CNBC Insight

Ketika Letusan Krakatau 1883 Lengkapi Derita Rakyat Banten

News - Petrik M, CNBC Indonesia
07 February 2022 08:55
Gunung Anak Krakatau Masuki status siaga Foto: Ilustrasi Gunung Anak Krakatau (Edward Ricardo/CNBC Indonesia)

Jakarta, CNBC Indonesia - Peningkatan aktivitas Gunung Anak Krakatau beberapa hari terakhir tampak bukan hal luar biasa lagi di sekitar Selat Sunda. Sebelum ada Anak Krakatau, pendahulunya, sebelum menghilang, yaitu Gunung Krakatau dengan dahsyatnya meletus dari 24 hingga 27 Agustus 1883. Gemuruh letusannya kala itu terdengar hingga 3.000 mil jauhnya. Lebih dari 30 ribu orang jadi korban.

"Banyak orang Eropa, termasuk sejumlah besar pejabat Belanda, dan beribu-ribu penduduk pribumi tewas tenggelam," lapor AP Cameron, yang ketika letusan terjadi menjadi Konsul Inggris di Jakarta, seperti dicatat Simon Winchester dalam Krakatau: Ketika Dunia Meledak, 27 Agustus 1883 (2003:301). Di distrik Ceringin setidaknya 10 ribu orang tewas karena letusan itu.

Di masa-masa meletusnya Krakatau, gelombang besar terjadi di sekitar Selat Sunda. Tidak hanya membuat hancur kapal barang dan penumpang, tapi juga mengganggu jalur pelayaran antara Hindia Belanda. Sebuah mercusuar, yang sangat penting di Anyer, bahkan hancur dan pemerintah kolonial harus merogoh kocek untuk membangunnya lagi.

Sekitar Banten dan Lampung, kala itu menurut catatan Cameron tertutupi oleh abu. Kondisi itu membuat rakyat dan hewan ternak mereka akan kesulitan mendapat makanan karena abu letusan Krakatau.

Pohon-pohon buah seperti kelapa dan juga kopi, yang merupakan sumber penghidupan rakyat di sekitar Selat Sunda, menjadi rusak karena letusan Krakatau itu. Kondisi itu memiskinkan penduduk pribumi di sekitar area letusan.
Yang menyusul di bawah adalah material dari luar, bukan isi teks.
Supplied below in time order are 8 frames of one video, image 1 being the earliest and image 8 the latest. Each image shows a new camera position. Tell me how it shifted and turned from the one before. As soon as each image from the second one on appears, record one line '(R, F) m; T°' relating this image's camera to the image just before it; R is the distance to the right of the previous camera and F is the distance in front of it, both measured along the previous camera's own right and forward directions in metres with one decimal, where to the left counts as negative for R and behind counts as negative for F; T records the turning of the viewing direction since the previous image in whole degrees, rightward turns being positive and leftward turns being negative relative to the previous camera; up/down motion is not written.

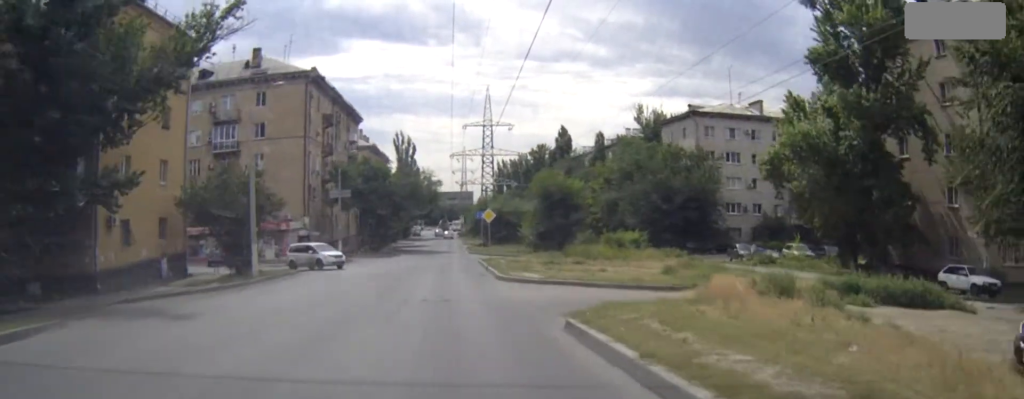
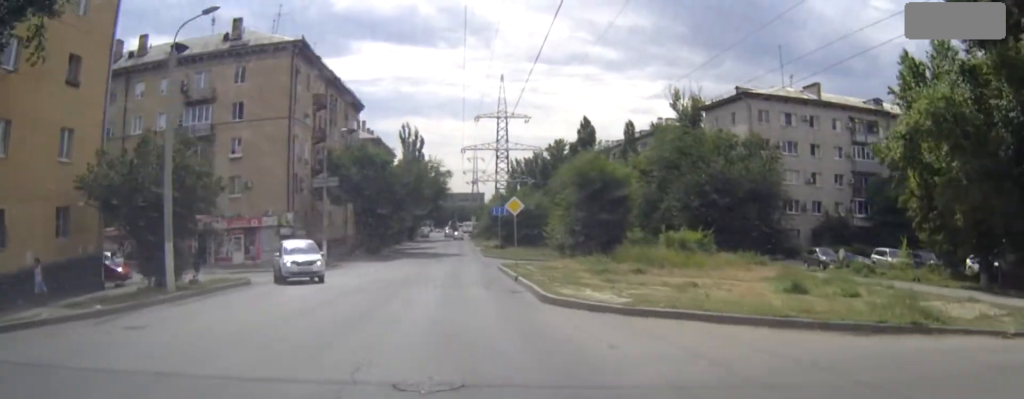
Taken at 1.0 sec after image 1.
(0.0, +12.8) m; 0°
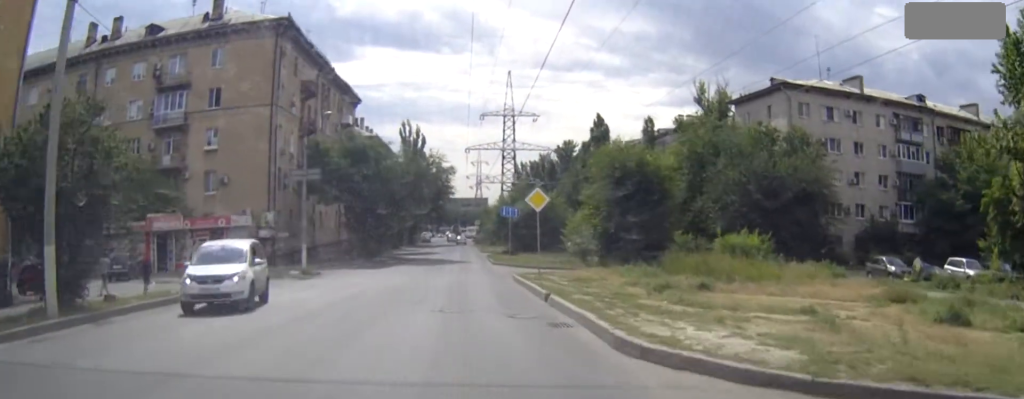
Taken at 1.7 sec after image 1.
(0.0, +8.4) m; 0°
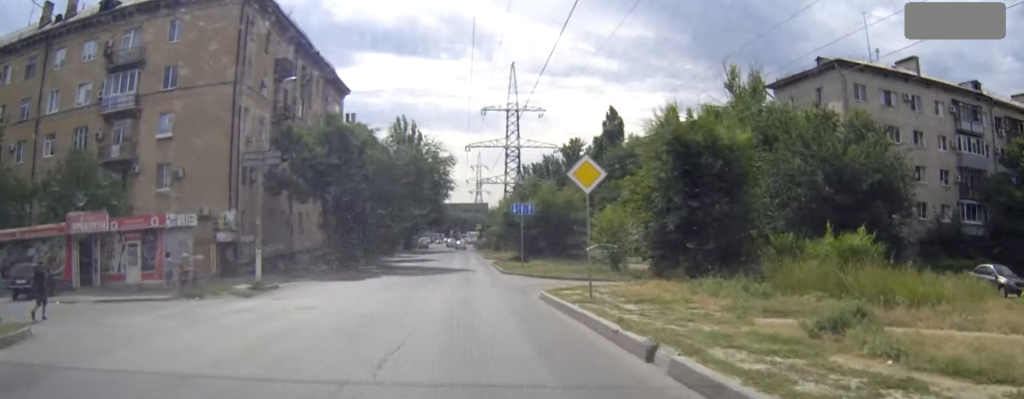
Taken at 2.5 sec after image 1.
(0.0, +10.4) m; 0°
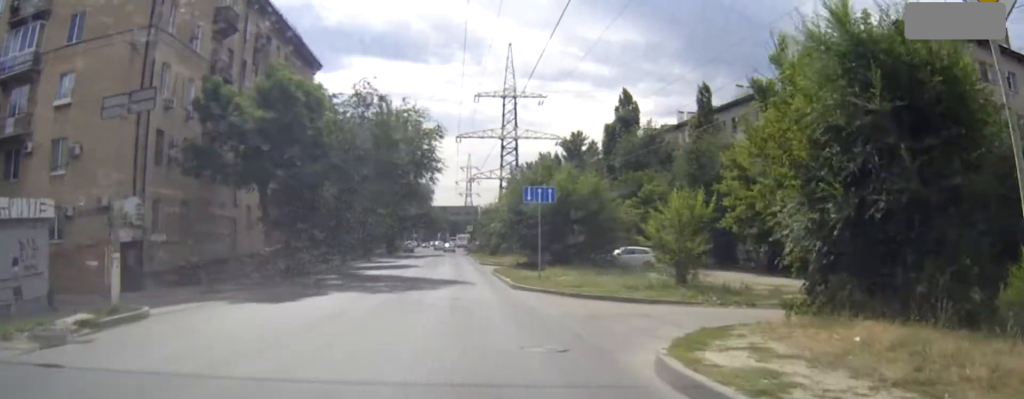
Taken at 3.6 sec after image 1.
(0.0, +14.2) m; 0°
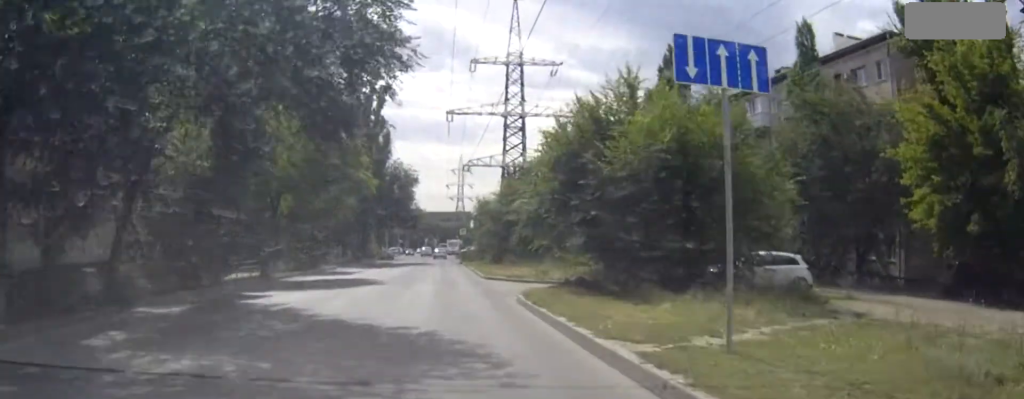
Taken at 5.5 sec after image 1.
(0.0, +23.6) m; 0°
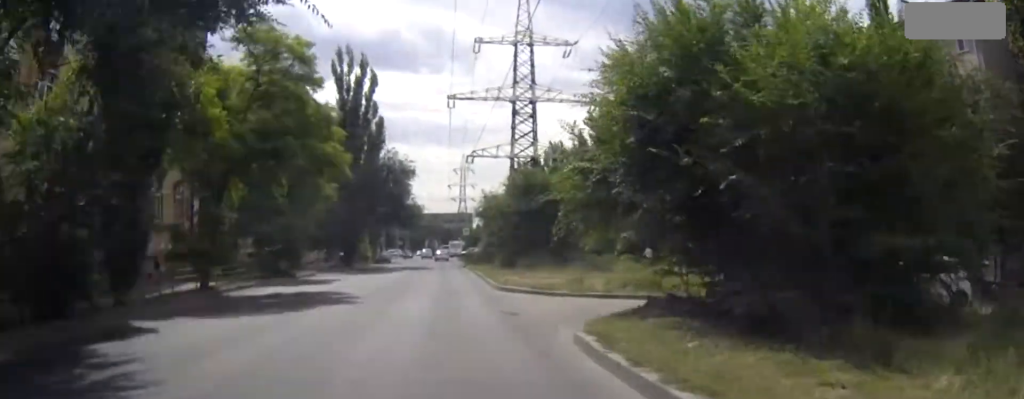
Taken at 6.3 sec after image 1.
(+0.1, +9.9) m; 0°
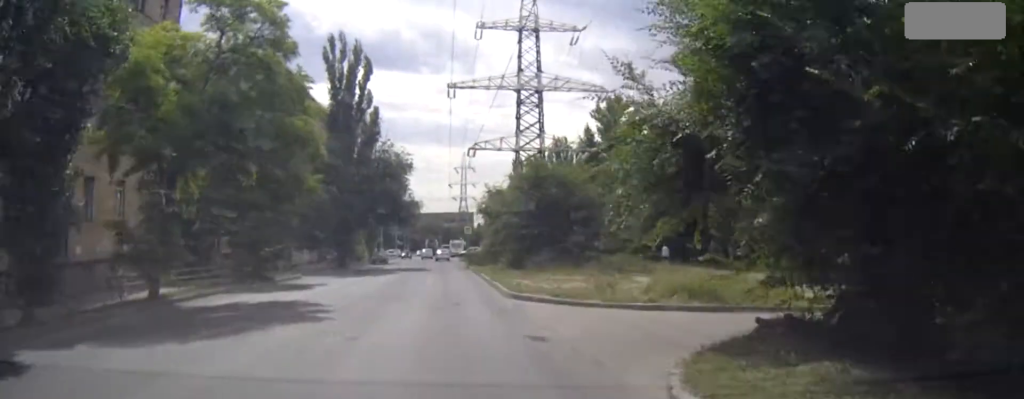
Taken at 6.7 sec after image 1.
(0.0, +5.2) m; 0°

Seharusnya negara kolonial Hindia Belanda bertindak menjauhkan orang Banten dan Lampung menjadi miskin akibat letusan tersebut. Hal tersebut tampaknya jauh dari memuaskan di Banten.

"Daerah perdesaan di sekitar Cilegon (sebelah barat Banten) memang telah menderita akibat letusan Krakatau yang dahsyat pada tahun 1883 dan beban kerja rodi untuk pegawai pribumi (pantjendiensten) dirasakan sangat berat," tulis Denys Lombard dalam Nusa Jawa: Warisan kerajaan-kerajaan konsentris (2005:164)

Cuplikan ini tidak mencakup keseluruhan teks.